[Recorded data]
****************
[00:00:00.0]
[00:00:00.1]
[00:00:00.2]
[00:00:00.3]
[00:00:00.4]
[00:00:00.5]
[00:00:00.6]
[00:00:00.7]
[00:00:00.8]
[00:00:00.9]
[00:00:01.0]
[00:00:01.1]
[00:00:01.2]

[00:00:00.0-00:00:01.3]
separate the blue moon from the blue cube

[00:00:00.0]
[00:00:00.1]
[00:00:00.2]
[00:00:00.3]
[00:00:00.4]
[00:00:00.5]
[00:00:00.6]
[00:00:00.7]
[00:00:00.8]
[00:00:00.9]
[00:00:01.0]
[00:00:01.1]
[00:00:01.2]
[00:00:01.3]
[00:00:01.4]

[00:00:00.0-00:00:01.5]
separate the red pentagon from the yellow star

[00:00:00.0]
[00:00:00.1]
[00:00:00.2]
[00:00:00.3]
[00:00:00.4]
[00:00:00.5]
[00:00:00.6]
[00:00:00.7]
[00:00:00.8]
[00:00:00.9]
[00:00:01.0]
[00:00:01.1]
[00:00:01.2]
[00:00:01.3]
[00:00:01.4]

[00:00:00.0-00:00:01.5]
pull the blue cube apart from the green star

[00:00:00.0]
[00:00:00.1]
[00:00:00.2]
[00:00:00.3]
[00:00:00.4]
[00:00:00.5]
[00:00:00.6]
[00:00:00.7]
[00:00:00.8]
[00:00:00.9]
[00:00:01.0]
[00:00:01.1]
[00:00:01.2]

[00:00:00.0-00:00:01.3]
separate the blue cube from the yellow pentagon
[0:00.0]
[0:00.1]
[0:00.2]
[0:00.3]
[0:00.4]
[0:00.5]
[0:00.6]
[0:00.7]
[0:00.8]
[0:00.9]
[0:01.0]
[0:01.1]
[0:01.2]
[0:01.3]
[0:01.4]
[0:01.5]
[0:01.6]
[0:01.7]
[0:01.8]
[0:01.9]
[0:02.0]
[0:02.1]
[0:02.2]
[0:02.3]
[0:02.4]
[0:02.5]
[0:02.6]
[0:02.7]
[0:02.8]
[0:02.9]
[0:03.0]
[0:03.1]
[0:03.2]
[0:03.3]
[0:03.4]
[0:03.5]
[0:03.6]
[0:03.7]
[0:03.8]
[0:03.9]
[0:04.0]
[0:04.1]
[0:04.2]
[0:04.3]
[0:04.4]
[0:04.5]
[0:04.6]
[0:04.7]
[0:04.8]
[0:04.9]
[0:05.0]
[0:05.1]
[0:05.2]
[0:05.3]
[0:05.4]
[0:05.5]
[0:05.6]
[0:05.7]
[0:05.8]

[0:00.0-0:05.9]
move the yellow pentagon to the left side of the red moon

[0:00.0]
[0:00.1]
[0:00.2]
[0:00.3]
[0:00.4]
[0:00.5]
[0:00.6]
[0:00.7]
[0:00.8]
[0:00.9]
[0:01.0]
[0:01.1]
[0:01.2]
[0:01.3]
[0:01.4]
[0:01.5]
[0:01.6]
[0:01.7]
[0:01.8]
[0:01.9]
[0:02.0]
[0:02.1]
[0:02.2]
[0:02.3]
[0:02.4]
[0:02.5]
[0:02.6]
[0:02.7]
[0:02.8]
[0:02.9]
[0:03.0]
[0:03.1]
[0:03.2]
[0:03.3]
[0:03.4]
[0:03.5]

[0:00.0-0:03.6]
****************
Your objective: Print the data above exactly as it was provided.

Your response:
[00:00:00.0]
[00:00:00.1]
[00:00:00.2]
[00:00:00.3]
[00:00:00.4]
[00:00:00.5]
[00:00:00.6]
[00:00:00.7]
[00:00:00.8]
[00:00:00.9]
[00:00:01.0]
[00:00:01.1]
[00:00:01.2]

[00:00:00.0-00:00:01.3]
separate the blue moon from the blue cube

[00:00:00.0]
[00:00:00.1]
[00:00:00.2]
[00:00:00.3]
[00:00:00.4]
[00:00:00.5]
[00:00:00.6]
[00:00:00.7]
[00:00:00.8]
[00:00:00.9]
[00:00:01.0]
[00:00:01.1]
[00:00:01.2]
[00:00:01.3]
[00:00:01.4]

[00:00:00.0-00:00:01.5]
separate the red pentagon from the yellow star

[00:00:00.0]
[00:00:00.1]
[00:00:00.2]
[00:00:00.3]
[00:00:00.4]
[00:00:00.5]
[00:00:00.6]
[00:00:00.7]
[00:00:00.8]
[00:00:00.9]
[00:00:01.0]
[00:00:01.1]
[00:00:01.2]
[00:00:01.3]
[00:00:01.4]

[00:00:00.0-00:00:01.5]
pull the blue cube apart from the green star

[00:00:00.0]
[00:00:00.1]
[00:00:00.2]
[00:00:00.3]
[00:00:00.4]
[00:00:00.5]
[00:00:00.6]
[00:00:00.7]
[00:00:00.8]
[00:00:00.9]
[00:00:01.0]
[00:00:01.1]
[00:00:01.2]

[00:00:00.0-00:00:01.3]
separate the blue cube from the yellow pentagon
[0:00.0]
[0:00.1]
[0:00.2]
[0:00.3]
[0:00.4]
[0:00.5]
[0:00.6]
[0:00.7]
[0:00.8]
[0:00.9]
[0:01.0]
[0:01.1]
[0:01.2]
[0:01.3]
[0:01.4]
[0:01.5]
[0:01.6]
[0:01.7]
[0:01.8]
[0:01.9]
[0:02.0]
[0:02.1]
[0:02.2]
[0:02.3]
[0:02.4]
[0:02.5]
[0:02.6]
[0:02.7]
[0:02.8]
[0:02.9]
[0:03.0]
[0:03.1]
[0:03.2]
[0:03.3]
[0:03.4]
[0:03.5]
[0:03.6]
[0:03.7]
[0:03.8]
[0:03.9]
[0:04.0]
[0:04.1]
[0:04.2]
[0:04.3]
[0:04.4]
[0:04.5]
[0:04.6]
[0:04.7]
[0:04.8]
[0:04.9]
[0:05.0]
[0:05.1]
[0:05.2]
[0:05.3]
[0:05.4]
[0:05.5]
[0:05.6]
[0:05.7]
[0:05.8]

[0:00.0-0:05.9]
move the yellow pentagon to the left side of the red moon

[0:00.0]
[0:00.1]
[0:00.2]
[0:00.3]
[0:00.4]
[0:00.5]
[0:00.6]
[0:00.7]
[0:00.8]
[0:00.9]
[0:01.0]
[0:01.1]
[0:01.2]
[0:01.3]
[0:01.4]
[0:01.5]
[0:01.6]
[0:01.7]
[0:01.8]
[0:01.9]
[0:02.0]
[0:02.1]
[0:02.2]
[0:02.3]
[0:02.4]
[0:02.5]
[0:02.6]
[0:02.7]
[0:02.8]
[0:02.9]
[0:03.0]
[0:03.1]
[0:03.2]
[0:03.3]
[0:03.4]
[0:03.5]

[0:00.0-0:03.6]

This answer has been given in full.